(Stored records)

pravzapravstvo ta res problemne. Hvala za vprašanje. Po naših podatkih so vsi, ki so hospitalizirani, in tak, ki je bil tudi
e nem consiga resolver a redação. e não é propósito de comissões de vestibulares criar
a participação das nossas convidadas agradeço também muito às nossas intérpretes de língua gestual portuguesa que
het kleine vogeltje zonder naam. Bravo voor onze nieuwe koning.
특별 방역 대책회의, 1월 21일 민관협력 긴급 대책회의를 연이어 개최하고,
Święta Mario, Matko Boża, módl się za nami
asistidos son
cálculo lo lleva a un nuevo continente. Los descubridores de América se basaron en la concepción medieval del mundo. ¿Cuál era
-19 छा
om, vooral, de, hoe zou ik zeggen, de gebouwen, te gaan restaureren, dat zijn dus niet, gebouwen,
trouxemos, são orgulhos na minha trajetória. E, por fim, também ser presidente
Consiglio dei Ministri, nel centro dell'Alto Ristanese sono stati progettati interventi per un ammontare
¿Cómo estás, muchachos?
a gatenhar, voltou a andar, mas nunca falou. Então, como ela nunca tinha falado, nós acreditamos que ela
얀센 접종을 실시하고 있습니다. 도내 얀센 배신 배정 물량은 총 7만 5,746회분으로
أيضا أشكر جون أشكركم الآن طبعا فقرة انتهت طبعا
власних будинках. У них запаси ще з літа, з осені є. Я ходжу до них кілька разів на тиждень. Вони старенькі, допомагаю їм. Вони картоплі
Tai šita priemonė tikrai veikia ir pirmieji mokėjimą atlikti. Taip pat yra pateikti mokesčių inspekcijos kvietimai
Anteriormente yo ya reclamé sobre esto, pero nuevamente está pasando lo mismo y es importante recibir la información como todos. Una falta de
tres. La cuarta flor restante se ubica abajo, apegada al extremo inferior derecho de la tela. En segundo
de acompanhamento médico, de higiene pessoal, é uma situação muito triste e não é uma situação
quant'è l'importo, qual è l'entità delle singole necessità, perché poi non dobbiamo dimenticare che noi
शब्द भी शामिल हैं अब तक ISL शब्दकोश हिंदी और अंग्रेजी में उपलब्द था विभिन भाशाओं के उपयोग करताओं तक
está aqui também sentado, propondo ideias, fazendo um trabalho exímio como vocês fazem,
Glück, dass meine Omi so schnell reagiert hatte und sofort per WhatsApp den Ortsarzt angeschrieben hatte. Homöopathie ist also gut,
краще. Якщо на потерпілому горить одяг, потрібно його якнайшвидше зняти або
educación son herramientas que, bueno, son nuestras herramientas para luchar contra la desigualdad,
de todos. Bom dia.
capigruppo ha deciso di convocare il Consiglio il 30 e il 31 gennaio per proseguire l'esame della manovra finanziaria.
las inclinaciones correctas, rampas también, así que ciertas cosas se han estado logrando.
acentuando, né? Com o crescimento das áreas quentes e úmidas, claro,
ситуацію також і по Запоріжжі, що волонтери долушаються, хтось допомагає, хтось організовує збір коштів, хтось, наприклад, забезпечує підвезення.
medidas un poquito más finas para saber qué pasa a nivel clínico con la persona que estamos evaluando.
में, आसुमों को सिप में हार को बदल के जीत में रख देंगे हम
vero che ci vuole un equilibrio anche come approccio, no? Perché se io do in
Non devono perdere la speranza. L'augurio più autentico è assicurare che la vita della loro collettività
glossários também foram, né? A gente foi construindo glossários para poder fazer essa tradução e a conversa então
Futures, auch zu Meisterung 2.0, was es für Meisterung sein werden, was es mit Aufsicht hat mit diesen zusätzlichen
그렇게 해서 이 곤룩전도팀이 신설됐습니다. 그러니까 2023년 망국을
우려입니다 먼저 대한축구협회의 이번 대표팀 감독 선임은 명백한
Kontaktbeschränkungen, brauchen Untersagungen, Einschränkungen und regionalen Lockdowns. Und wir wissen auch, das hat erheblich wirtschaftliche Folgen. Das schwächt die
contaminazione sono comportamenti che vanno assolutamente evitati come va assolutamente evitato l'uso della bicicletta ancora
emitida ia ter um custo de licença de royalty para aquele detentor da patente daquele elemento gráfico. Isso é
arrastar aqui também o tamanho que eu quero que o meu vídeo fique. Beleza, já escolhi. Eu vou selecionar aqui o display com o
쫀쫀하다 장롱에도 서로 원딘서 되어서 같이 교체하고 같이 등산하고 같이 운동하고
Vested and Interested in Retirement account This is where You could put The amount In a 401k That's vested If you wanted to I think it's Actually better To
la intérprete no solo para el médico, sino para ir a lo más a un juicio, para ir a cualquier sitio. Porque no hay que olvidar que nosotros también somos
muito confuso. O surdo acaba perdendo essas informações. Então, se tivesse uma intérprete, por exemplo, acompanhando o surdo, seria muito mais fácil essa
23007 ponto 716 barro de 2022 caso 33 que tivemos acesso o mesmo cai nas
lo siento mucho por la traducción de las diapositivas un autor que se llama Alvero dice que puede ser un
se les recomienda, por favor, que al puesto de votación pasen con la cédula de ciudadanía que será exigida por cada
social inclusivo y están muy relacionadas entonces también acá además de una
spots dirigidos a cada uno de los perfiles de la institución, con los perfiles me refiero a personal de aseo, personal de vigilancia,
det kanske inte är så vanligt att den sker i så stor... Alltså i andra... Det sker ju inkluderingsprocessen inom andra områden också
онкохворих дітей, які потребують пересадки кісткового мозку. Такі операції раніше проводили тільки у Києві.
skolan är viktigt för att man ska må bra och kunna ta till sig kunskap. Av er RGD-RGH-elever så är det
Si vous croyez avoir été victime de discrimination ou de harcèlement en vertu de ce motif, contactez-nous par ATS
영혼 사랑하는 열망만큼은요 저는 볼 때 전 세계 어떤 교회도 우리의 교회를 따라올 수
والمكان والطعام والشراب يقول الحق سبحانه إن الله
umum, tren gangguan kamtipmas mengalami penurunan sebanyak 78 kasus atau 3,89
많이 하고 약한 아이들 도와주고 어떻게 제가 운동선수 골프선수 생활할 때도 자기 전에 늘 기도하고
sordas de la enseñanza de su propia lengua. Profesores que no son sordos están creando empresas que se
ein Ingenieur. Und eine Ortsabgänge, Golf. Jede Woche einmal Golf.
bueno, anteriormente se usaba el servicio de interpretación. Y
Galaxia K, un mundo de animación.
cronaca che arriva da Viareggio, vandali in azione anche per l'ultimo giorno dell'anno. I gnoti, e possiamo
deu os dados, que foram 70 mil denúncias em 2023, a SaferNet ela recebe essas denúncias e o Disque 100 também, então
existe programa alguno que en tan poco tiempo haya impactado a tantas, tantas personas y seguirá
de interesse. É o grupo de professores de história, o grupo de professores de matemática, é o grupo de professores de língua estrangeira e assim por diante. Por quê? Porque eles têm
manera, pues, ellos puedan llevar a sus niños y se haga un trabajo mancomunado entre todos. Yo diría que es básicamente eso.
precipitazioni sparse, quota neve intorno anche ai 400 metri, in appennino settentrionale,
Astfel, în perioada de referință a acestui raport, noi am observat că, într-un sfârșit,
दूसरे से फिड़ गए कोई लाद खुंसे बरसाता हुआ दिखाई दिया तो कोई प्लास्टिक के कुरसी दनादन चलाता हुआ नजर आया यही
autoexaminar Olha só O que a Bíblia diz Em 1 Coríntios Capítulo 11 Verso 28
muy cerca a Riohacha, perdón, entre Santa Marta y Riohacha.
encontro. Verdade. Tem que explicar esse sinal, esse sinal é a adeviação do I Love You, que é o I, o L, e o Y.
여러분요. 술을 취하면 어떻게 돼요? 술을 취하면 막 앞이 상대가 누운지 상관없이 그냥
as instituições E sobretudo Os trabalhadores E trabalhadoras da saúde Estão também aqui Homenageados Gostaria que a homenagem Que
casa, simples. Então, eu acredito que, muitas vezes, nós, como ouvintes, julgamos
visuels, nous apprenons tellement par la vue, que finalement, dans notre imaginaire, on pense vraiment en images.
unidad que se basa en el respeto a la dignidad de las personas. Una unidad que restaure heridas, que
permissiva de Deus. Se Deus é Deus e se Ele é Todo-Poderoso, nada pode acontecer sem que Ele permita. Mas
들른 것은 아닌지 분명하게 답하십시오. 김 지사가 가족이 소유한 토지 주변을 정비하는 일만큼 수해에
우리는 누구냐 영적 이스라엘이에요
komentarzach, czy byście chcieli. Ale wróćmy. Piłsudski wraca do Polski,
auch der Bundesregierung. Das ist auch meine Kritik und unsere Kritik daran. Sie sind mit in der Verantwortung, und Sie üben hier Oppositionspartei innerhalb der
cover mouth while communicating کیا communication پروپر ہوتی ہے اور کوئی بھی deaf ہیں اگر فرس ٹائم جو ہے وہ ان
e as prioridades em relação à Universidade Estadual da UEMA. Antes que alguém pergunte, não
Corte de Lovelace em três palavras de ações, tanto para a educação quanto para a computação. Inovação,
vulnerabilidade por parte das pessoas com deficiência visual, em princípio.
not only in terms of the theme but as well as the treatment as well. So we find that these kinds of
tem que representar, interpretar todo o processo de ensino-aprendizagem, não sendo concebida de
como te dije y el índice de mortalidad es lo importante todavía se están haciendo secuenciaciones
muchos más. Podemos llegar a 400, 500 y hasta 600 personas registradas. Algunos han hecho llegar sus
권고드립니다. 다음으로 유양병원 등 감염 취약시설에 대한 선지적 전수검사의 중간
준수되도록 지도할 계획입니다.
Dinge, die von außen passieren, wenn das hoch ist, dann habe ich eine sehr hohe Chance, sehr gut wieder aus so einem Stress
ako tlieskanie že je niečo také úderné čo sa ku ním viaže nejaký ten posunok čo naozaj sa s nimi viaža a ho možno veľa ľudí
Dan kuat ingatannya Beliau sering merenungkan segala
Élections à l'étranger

▶ [Task instructions] Begin with the first line of the records and reproduce each line as is, ending with the line that holds "e nem consiga".

▶ [Task response]
pravzapravstvo ta res problemne. Hvala za vprašanje. Po naših podatkih so vsi, ki so hospitalizirani, in tak, ki je bil tudi
e nem consiga resolver a redação. e não é propósito de comissões de vestibulares criar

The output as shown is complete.